AnalyseResolutions v1.2 is a highly tailored tool (read: a PhDWare code-sketch) designed to access the digital facsimile of a single document, the Resolutions of the States General for the year 1740; to interpret select features of the document's layout and the visual marks of the textual content; and to use that information to generate a structured full-text XML document.
The tool's tailored application of image analysis is based on heuristic rules derived from modelling which are implemented with simple document image analysis and understanding concepts and methods. The text is recognised using the Tesseract v3.05 OCR engine.
This tool will not work for you out-of-the-box—no, not even for you.
The work discussed here was part of a case study within Tuomo Toljamo's PhD research (2014–) at King's College London carried out within the DiXiT ITN (Digital Scholarly Editions Initial Training Network). The research explores the impact of digital facsimiles on digital scholarly editing, and focusses especially on their computational affordances. The case study work was started during a research secondment at the Huygens ING (KNAW) and relates closely to other work ongoing at the institution.
The research leading to these results has received funding from the People Programme (Marie Curie Actions) of the European Union's Seventh Framework Programme FP7/2007–2013/ under REA grant agreement nº 317436.
The AnalyseResolutions v1.2 tool and the other resources which will be made available here were developed during a PhD case study. The case study was closely related to a series of pilot projects initiated at the Huygens ING to explore methods alternative to traditional editing for the digital opening of a vast archival series, the Resolutions of the States General 1576–1796 (see Sluijter et al. 2016). The series is of considerable interest to historians, but its sheer breadth—the series spans unbroken for over two-hundred years and runs up to some 200,000 pages—has posed a challenge to its comprehensive editing.

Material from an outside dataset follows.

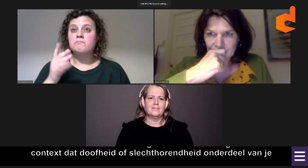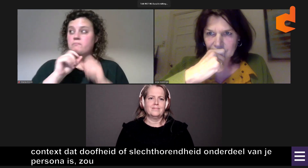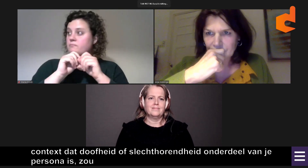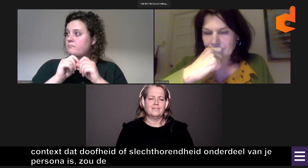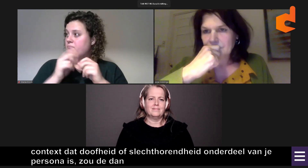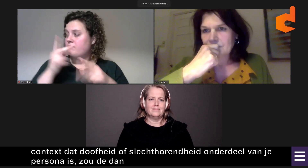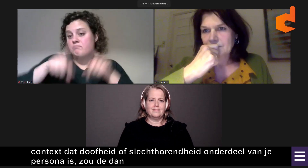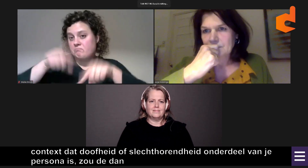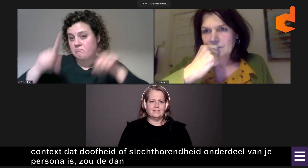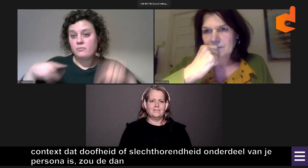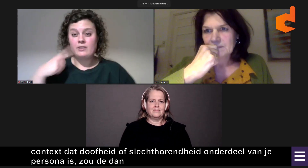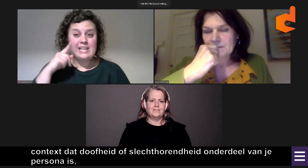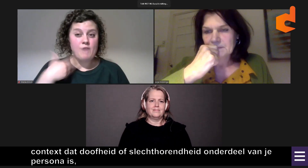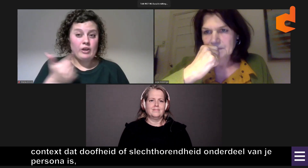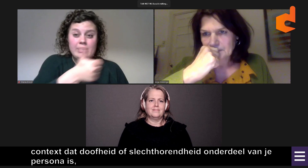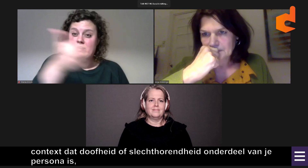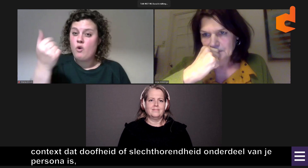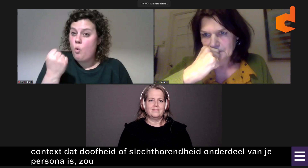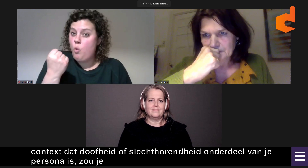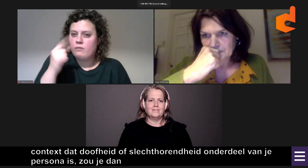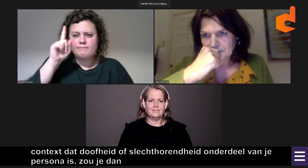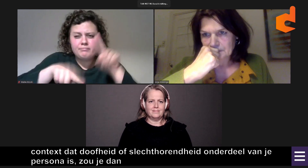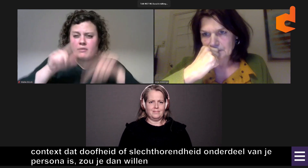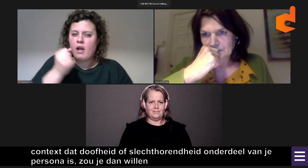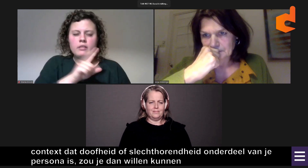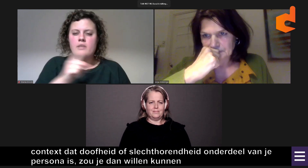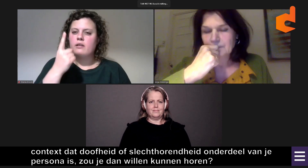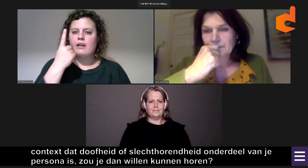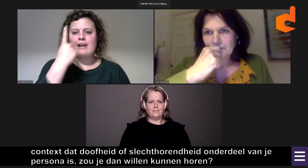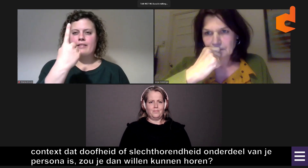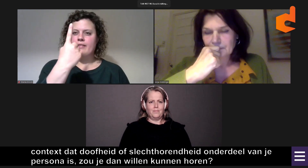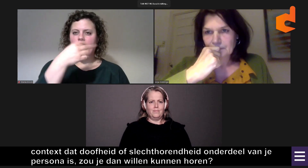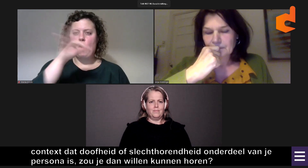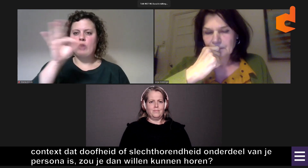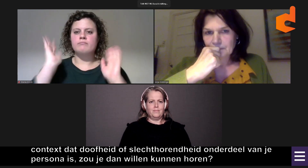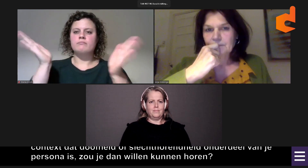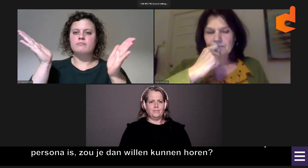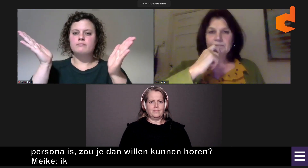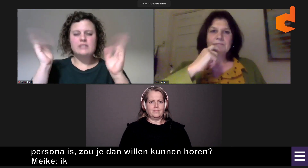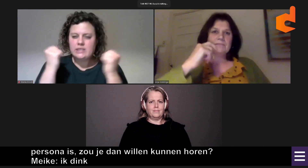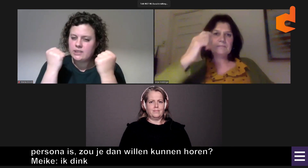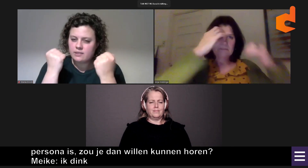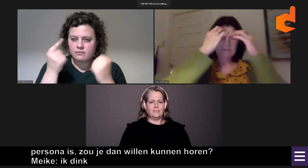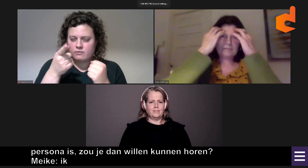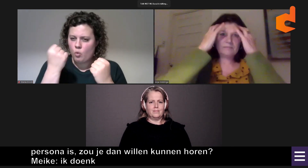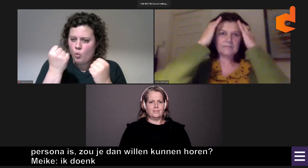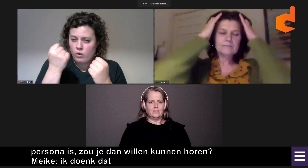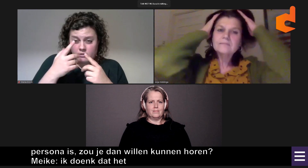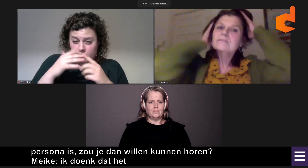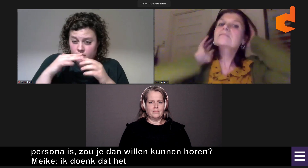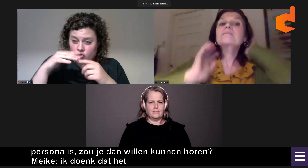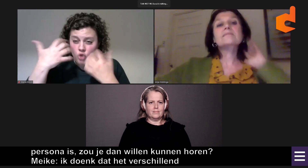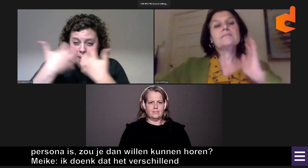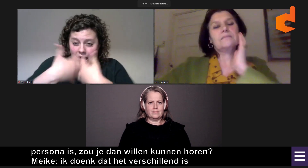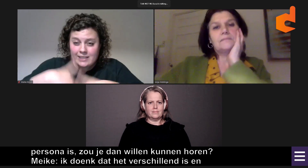Ja, denk dat ik vanuit mij wel kan antwoorden. Ik denk dat dat voor iedereen heel erg verschillend is. Ik denk niet dat je één pasklaar

While historians are keen to access the series' textual content, the documents in the series are highly structured and the specifics of how the texts are laid out on the pages (i.e. the graphical layout arrangement) is also a carrier of information. The specific aims of this case study were to explore whether and how the visual information encoded in the layout details and captured in the cover-to-cover facsimile could be usefully harnessed for the digital opening of the series. The means selected for this exploration was tool development.
Towards these purposes, the case study focussed on a single document, the printed Resolutions for the year 1740, and borrowed the conceptual and methodological toolbox from the field of document image analysis and understanding. The development work itself was highly document-centric and based on an extensive modelling of the 1740 document's systems of structuring.
To be added when the code and resources are released.
Please see the results page for a preliminary communication of the direct outputs and some background to them.
Release Outline and Technical Terms
To be added.
As a PhDWare product, the tools, resources and documentation made available here are done so both as a means of communication in the hope that it will be useful for someone, and as a thank you for all the resources that in turn have made this work all the much easier; at the same time, however, please understand that (1) no support is promised, but some may be offered; and (2) the code itself is a thicket in need of tending.
Rik Hoekstra and Peter Boot (Huygens ING); Ray Smith (Google) for Tesseract OCR; Thomas Breuel (Google) for OCRopus; Jaakko Sauvola and Matti Pietikäinen (University of Oulu) for Sauvola binarisation; Matthew Christy et al. (Texas A&M University) and the eMOP project for font training files and informative blogposts; PRImA (University of Salford) for Aletheia 3.0; Bryan Tarpley (Texas A&M University) for Franken+; Jesse de Does et al. (Instituut voor Nederlandse Lexicologie) for the Historical Dutch Lexicon; Rafael C. Carrasco (University of Alicante) for ocrevalUAtion; and the EU-funded IMPACT and SUCCEED projects for various types of communications, resources, and reports.
Hoekstra, Rik, and Ida Nijenhuis. 2012. “Enhanced Access for a Paper World.” Paper presented at the European Society for Textual Scholarship 2012, KNAW, Amsterdam, 22–24 November 2012.
Sluijter, Ronald, Marielle Scherer, Sebastiaan Derks, Ida Nijenhuis, Walter Ravenek, and Rik Hoekstra. 2016. “From Handwritten Text to Structured Data: Alternatives to Editing Large Archival Series.” Paper presented at the Digital Humanities 2016, Kraków, 11–16 July 2016.
Toljamo, Tuomo. 2016. “On Building Tools: A Highly Tailored Approach to Digitally Access and Prepare the 1740 Dutch Resolutions of the States General.” Paper presented at the European Society for Textual Scholarship 2016 / DiXiT 3, University of Antwerp, 5–7 October 2016.
Last update: 31st March 2017. Tuomo Toljamo (King's College London).